**Requirement**
Count up the lines holding "བསམས" in the material, then reply with only the number.

**Exercise data**
——————————

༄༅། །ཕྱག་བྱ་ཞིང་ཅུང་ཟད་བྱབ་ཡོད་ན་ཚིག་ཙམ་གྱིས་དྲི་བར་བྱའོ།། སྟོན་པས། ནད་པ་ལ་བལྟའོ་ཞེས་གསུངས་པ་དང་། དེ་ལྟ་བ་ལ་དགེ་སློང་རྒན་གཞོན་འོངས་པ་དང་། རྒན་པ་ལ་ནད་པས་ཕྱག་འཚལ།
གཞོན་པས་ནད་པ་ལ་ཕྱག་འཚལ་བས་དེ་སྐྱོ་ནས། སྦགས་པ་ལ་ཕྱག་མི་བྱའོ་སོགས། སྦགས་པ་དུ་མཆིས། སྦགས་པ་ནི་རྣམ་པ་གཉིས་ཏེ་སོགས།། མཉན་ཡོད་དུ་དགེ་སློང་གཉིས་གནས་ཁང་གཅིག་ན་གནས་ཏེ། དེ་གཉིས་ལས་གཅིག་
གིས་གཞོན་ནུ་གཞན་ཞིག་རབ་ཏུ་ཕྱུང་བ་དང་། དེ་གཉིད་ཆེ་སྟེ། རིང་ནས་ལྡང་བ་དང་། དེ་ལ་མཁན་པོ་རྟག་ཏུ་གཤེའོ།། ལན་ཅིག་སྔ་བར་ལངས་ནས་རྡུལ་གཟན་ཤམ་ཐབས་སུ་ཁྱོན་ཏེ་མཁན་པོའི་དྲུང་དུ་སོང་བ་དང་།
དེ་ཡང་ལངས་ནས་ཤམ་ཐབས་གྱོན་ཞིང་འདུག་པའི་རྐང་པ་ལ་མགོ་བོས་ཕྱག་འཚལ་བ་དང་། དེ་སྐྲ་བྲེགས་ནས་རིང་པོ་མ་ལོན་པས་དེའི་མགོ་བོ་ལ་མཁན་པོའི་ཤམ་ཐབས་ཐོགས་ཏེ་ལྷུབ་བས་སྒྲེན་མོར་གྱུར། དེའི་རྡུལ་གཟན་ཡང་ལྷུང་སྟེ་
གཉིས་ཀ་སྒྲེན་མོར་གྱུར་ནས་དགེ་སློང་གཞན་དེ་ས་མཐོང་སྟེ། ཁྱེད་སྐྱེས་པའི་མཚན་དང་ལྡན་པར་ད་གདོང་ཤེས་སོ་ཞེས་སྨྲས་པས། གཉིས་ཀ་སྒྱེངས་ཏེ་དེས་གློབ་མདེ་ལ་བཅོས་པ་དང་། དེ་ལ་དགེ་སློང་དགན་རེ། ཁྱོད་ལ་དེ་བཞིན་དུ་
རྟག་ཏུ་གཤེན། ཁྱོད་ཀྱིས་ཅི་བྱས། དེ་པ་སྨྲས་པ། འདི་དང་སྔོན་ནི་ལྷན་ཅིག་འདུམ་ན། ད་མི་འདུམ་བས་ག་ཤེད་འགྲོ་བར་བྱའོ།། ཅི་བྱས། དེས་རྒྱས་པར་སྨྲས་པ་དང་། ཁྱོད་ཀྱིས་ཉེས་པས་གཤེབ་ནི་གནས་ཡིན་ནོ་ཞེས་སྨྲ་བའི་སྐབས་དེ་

——————————

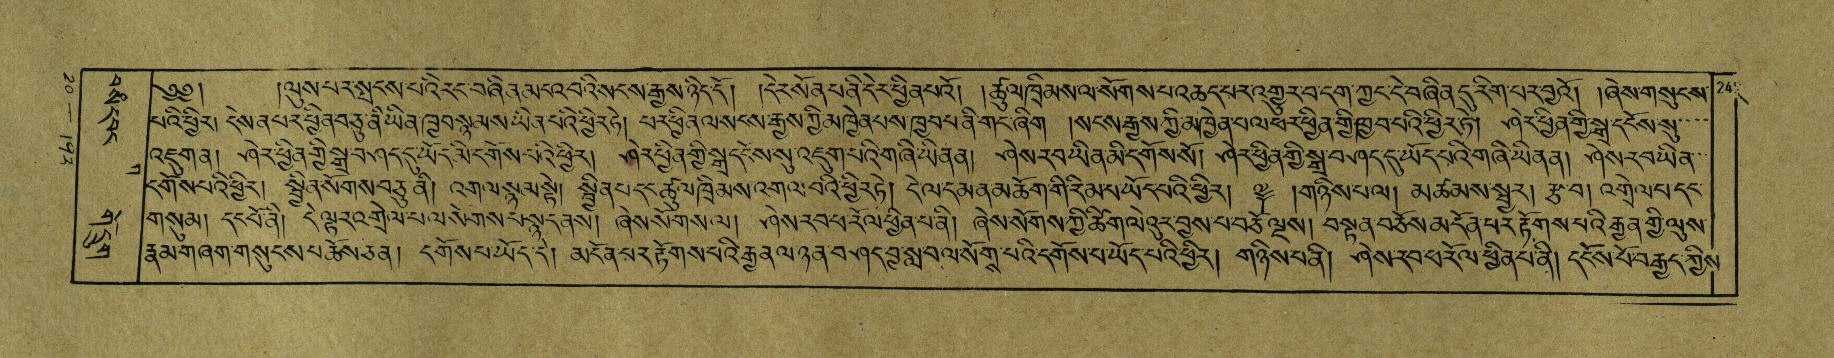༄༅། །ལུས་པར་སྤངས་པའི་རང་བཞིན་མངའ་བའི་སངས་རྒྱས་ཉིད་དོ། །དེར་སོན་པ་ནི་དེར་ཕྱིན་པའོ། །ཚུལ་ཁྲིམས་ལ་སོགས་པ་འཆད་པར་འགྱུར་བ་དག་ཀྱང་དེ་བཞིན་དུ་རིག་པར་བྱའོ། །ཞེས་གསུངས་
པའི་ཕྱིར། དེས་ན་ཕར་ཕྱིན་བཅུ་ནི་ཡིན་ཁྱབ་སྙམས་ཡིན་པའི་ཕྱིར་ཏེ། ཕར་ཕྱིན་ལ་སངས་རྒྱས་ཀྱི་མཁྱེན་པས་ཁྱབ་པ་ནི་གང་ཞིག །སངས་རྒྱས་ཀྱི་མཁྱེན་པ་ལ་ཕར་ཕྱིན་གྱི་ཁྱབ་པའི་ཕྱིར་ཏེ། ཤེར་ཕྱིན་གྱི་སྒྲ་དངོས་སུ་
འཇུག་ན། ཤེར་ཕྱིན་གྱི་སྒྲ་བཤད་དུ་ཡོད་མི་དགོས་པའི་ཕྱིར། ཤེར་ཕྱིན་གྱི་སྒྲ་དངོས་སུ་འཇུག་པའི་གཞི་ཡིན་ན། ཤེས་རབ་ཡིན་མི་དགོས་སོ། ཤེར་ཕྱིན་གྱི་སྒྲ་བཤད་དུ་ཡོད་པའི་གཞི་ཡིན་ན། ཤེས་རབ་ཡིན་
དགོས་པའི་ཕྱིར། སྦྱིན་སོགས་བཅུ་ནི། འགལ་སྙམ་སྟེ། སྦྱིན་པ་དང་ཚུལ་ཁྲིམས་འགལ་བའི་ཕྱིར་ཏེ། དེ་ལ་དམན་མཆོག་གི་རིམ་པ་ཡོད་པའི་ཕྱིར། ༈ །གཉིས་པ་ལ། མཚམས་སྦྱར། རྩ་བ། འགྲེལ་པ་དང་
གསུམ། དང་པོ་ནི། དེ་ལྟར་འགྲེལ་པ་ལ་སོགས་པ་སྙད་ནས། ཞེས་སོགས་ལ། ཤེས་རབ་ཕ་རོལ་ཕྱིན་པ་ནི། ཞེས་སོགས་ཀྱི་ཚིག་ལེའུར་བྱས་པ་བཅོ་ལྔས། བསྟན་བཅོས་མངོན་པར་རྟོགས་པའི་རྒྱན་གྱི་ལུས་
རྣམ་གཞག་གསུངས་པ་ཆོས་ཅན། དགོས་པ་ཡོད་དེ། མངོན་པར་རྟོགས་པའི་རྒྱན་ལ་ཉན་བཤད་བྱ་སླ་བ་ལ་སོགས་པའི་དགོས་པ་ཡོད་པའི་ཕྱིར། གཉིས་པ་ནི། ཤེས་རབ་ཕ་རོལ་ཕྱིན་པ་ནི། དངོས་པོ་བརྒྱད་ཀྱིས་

——————————

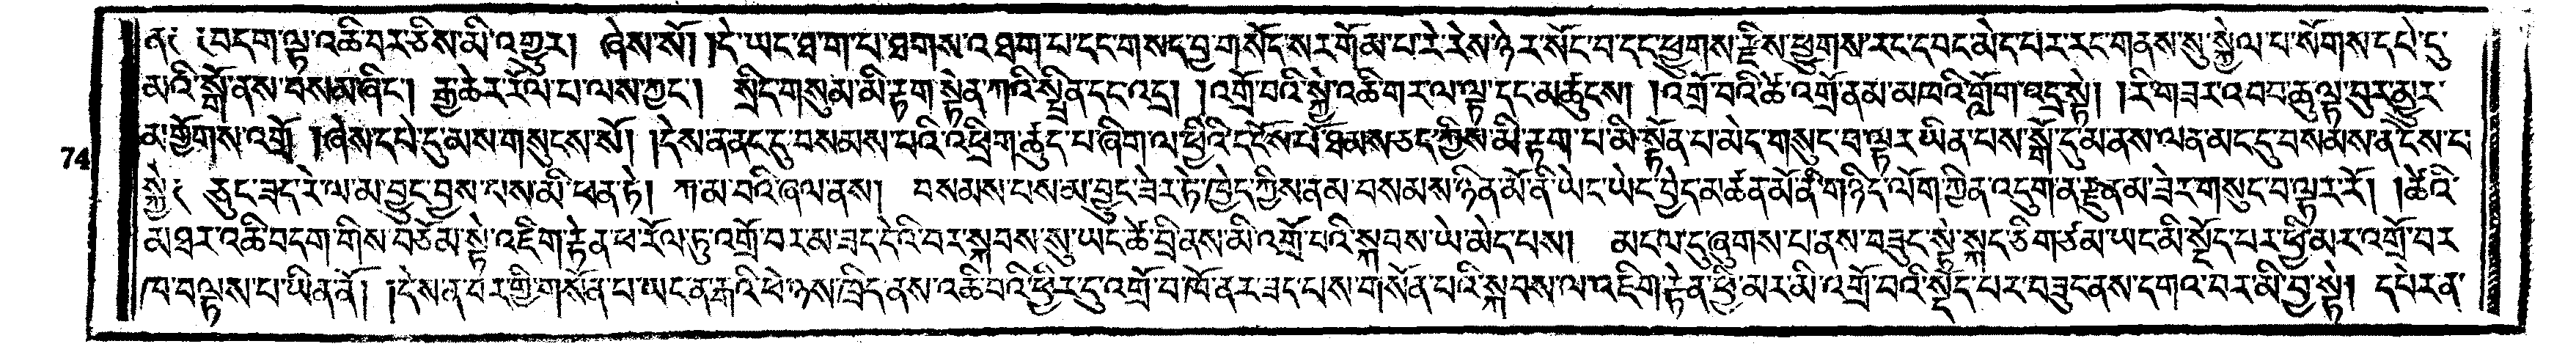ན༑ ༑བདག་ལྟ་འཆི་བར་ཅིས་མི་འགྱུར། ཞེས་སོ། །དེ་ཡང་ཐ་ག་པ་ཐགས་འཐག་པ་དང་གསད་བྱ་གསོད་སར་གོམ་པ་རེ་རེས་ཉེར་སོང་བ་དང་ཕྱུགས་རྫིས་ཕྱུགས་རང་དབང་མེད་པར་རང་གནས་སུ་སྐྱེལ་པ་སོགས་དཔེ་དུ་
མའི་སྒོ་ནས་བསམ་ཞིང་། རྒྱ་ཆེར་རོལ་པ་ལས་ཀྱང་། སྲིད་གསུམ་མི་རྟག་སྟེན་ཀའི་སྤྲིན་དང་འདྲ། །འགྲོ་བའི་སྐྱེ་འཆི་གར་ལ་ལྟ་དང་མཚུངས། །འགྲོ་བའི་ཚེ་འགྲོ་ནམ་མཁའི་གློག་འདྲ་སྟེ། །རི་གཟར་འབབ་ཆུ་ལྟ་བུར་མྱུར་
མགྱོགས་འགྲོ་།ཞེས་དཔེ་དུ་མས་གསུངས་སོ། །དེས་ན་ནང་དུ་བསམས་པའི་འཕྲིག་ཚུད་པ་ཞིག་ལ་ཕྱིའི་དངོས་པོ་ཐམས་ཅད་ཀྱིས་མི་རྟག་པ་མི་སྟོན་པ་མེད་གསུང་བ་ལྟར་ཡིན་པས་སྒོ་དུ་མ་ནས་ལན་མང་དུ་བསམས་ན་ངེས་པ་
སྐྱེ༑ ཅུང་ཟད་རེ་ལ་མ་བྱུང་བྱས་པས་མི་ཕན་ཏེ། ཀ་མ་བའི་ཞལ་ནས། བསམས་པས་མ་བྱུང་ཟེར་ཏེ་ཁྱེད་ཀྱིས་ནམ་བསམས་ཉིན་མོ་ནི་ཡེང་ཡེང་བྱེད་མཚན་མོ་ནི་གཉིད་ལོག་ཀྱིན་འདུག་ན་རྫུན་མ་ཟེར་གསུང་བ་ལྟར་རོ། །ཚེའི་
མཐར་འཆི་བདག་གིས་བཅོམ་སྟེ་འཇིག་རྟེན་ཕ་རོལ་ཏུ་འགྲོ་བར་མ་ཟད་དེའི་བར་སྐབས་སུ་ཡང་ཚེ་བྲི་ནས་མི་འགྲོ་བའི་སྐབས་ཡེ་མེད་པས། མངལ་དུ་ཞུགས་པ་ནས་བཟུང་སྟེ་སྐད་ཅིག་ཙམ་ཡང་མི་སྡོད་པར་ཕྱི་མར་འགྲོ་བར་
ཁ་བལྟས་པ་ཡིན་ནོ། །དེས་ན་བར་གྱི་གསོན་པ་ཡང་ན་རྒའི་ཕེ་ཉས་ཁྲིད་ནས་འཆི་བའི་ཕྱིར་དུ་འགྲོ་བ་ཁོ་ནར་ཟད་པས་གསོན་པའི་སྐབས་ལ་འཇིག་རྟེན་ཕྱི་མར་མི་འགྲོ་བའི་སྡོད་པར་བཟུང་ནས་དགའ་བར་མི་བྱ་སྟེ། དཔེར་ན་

——————————

**Answer to this task**
2